This document outlines the high level design of ONNXRuntime - a high performance, cross platform engine.
- Maximally and automatically leverage the custom accelerators and runtimes available on disparate platforms.
- Provide the right abstraction and runtime support for custom accelerators and runtimes. We call this abstraction an execution provider. It defines and exposes a set of its capabilities to ONNXRuntime: a set of single or fused nodes it can execute, its memory allocator and more. Custom accelerators and runtimes are instances of execution provider.
- We don't expect that an execution provider can always run an ONNX model fully on its device. This means that ONNXRuntime must be able to execute a single model in a heterogeneous environment involving multiple execution providers.
- Provide support for high-level optimizations that can be expressed as model-to-model transformations via a graph-transformation API. Such transformations fall into two categories: global transformations, those that require analysis and transformation of the entire graph, and local transformations, which can be captured as simple (algebraic) rewriting rules.
The flow is quite simple. Starting from an ONNX model, ONNXRuntime first converts the model graph into its in-memory graph representation. It then applies a number of graph transformations that a) perform a set of provider independent optimizations such cast transformations between float16 and float32, and b) partition the graph into a set of subgraphs based on the available execution providers. Each subgraph is assigned to an execution provider. We ensure that a subgraph can be executed by an execution provider by querying the capability of the execution provider using the GetCapability() API.

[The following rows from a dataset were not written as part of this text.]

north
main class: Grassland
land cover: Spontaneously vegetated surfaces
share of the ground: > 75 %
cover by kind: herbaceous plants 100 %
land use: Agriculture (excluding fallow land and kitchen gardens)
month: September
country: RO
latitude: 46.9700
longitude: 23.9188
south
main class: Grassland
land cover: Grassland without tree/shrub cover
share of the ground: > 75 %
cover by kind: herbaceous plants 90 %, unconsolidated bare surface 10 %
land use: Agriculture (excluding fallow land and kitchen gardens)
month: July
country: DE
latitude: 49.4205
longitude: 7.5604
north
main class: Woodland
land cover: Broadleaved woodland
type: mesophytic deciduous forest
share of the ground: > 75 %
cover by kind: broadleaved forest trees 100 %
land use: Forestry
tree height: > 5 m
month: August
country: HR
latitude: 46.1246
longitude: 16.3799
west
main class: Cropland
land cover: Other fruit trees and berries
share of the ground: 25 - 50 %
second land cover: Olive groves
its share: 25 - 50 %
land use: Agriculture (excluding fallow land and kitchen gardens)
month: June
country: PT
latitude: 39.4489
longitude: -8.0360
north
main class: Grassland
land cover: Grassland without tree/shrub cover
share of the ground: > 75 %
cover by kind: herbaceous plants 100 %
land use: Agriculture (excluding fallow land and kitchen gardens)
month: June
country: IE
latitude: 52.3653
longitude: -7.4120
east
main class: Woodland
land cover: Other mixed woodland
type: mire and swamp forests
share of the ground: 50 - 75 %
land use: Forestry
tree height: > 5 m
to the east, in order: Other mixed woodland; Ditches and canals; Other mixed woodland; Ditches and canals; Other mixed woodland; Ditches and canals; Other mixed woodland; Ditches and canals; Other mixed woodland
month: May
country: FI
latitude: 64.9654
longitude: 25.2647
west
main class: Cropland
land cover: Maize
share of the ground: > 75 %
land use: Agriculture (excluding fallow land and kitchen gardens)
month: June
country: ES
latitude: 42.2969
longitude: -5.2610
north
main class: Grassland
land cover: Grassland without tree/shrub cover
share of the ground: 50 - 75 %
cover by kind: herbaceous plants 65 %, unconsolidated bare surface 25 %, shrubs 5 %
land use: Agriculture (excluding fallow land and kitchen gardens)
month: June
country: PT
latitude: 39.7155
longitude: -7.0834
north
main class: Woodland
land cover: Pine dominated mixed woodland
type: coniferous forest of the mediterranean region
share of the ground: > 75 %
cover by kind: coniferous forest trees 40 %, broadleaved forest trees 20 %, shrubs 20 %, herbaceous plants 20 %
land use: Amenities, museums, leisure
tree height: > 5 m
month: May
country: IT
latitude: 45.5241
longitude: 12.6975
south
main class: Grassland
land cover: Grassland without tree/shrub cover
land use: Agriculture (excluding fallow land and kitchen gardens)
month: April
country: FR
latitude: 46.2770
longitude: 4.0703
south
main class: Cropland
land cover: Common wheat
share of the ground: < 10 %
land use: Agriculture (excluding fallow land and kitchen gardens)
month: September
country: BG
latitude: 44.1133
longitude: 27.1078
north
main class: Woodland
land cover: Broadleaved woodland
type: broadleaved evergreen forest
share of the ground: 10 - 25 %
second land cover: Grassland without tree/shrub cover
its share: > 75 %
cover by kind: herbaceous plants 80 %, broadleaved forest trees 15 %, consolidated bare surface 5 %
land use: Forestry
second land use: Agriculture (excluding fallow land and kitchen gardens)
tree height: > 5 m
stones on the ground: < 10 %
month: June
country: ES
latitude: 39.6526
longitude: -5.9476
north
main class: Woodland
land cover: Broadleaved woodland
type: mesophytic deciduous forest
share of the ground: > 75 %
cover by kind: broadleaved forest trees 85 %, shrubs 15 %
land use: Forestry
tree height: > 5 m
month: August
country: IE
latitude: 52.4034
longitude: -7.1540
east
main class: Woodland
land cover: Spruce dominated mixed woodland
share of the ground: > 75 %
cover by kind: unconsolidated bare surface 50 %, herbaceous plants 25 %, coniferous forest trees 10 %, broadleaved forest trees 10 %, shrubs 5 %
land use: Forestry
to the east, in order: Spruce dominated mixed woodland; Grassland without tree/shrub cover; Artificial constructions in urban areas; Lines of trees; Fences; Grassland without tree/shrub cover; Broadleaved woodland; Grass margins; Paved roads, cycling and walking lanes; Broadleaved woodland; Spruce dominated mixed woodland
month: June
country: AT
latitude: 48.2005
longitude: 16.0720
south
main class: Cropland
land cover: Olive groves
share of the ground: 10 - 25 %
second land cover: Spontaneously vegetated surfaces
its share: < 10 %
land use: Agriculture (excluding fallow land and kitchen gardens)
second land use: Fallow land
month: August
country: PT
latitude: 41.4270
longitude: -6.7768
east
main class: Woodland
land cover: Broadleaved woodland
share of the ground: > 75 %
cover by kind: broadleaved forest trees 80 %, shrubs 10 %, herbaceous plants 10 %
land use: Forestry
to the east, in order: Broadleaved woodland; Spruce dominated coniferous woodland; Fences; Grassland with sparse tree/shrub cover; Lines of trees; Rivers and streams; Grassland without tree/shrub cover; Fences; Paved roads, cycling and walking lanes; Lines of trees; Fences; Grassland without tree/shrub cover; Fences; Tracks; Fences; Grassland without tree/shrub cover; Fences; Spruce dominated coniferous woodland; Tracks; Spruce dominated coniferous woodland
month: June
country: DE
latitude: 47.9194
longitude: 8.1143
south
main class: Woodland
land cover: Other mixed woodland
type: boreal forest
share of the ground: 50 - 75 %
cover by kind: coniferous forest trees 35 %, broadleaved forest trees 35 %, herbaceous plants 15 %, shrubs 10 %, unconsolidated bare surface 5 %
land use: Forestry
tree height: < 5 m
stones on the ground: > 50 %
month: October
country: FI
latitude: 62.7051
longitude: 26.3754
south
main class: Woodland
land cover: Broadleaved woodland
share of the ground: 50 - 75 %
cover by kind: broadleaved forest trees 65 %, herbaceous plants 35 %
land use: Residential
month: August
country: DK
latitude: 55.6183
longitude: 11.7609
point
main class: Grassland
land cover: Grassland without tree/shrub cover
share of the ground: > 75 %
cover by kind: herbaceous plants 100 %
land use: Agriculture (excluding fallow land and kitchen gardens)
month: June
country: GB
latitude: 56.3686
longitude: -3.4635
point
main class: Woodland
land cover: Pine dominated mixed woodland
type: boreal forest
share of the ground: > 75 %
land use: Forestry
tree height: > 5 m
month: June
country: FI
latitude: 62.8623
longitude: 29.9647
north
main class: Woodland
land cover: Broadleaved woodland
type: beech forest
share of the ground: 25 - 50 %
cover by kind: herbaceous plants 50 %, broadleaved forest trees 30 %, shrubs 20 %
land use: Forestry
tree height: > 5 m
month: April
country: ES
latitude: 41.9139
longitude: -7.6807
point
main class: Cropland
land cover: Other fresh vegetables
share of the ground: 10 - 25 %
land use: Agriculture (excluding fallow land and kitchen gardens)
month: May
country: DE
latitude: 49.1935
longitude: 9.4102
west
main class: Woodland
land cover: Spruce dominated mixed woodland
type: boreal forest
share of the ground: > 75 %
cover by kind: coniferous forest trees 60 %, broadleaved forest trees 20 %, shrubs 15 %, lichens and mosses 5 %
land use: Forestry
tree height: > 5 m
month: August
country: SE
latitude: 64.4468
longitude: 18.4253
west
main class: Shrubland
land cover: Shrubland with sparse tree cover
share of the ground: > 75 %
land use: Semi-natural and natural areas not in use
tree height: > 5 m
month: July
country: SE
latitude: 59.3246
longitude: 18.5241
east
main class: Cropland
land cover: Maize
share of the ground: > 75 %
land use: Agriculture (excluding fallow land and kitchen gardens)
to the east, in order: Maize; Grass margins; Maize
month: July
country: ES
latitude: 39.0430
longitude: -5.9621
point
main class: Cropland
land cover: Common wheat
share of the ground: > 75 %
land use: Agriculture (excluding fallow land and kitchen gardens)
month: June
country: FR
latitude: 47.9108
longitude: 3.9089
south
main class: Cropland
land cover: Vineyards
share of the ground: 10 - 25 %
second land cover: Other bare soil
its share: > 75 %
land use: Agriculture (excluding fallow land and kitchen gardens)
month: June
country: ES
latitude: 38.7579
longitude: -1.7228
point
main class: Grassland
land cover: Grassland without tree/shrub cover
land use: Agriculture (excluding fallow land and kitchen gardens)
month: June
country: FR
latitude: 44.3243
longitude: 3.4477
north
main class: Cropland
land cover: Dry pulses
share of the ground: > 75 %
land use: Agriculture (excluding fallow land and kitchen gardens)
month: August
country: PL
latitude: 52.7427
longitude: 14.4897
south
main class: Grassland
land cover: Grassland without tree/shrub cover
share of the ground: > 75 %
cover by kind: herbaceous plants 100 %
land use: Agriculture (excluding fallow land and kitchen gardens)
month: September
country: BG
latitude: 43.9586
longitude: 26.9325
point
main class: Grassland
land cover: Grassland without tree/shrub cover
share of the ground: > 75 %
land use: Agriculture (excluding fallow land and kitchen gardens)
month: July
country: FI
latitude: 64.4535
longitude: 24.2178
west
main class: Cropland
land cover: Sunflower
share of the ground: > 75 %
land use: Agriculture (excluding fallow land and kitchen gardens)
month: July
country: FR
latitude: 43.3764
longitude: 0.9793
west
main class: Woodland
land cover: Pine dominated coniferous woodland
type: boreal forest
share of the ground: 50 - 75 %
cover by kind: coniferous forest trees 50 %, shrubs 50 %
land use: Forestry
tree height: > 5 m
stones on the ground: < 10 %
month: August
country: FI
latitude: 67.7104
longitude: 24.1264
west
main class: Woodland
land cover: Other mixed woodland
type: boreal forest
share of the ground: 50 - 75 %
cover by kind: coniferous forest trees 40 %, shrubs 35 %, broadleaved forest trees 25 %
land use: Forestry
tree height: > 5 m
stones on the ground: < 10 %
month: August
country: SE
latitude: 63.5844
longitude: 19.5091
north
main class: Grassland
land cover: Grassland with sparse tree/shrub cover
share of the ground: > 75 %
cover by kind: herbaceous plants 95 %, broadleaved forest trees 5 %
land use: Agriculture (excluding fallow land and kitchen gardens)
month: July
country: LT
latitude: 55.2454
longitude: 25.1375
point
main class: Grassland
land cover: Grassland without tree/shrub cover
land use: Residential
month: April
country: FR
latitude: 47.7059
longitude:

Note: TensorRT and nGraph support in the works.
ONNXRuntime partitions a model graph based on the available execution providers into subgraphs, each for a distinct provider respectively. ONNXRuntime provides a default execution provider that is used for fallback execution for the operators that cannot be pushed onto the more specialized but more efficient execution providers. Intuitively we probably want to push computation to the specialized execution providers as much as possible.
We use a simple graph partitioning technique. The available execution providers will be considered in a specific order, and each will be assigned the maximal subgraphs (possibly more than one) that it is able to handle. The ONNXRuntime-provided default execution provider will be the last one to be considered, and it ensures completeness. More sophisticated optimizations can be considered in the future (or can even be implemented as a composite execution provider).
Conceptually, each partition is reduced to a single fused operator. It is created by invoking the execution provider's Compile() method and wrap it as a custom operator. We support both sync and async modes of execution for custom operators. We also support both strict and non-strict invocations. An execution provider exposes its memory allocator, which is used to allocate the input tensors for the execution provider. The rewriting and partitioning transform the initial model graph into a new graph composed with operators assigned to either the default execution provider or other registered execution providers. ONNXRuntime execution engine is responsible for running this graph.
- Multiple threads should be able to inovke the Run() method on the same inference session object. See API doc for more details.
- To facilitate the above the Compute() function of all kernels is const implying the kernels are stateless.
- We call implementations of the operators by execution providers as kernels. Each execution provider supports a subset of the (ONNX) operators/kernels.
- ONNXRuntime runtime guarantees that all operators are supported by the default execution provider.
- Tensor representation: ONNXRuntime will utilize a standard representation for the tensor runtime values. The execution providers can internally use a different representation, if they choose to, but it is their responsibility to convert the values from/to the standard representation at the boundaries of their subgraph.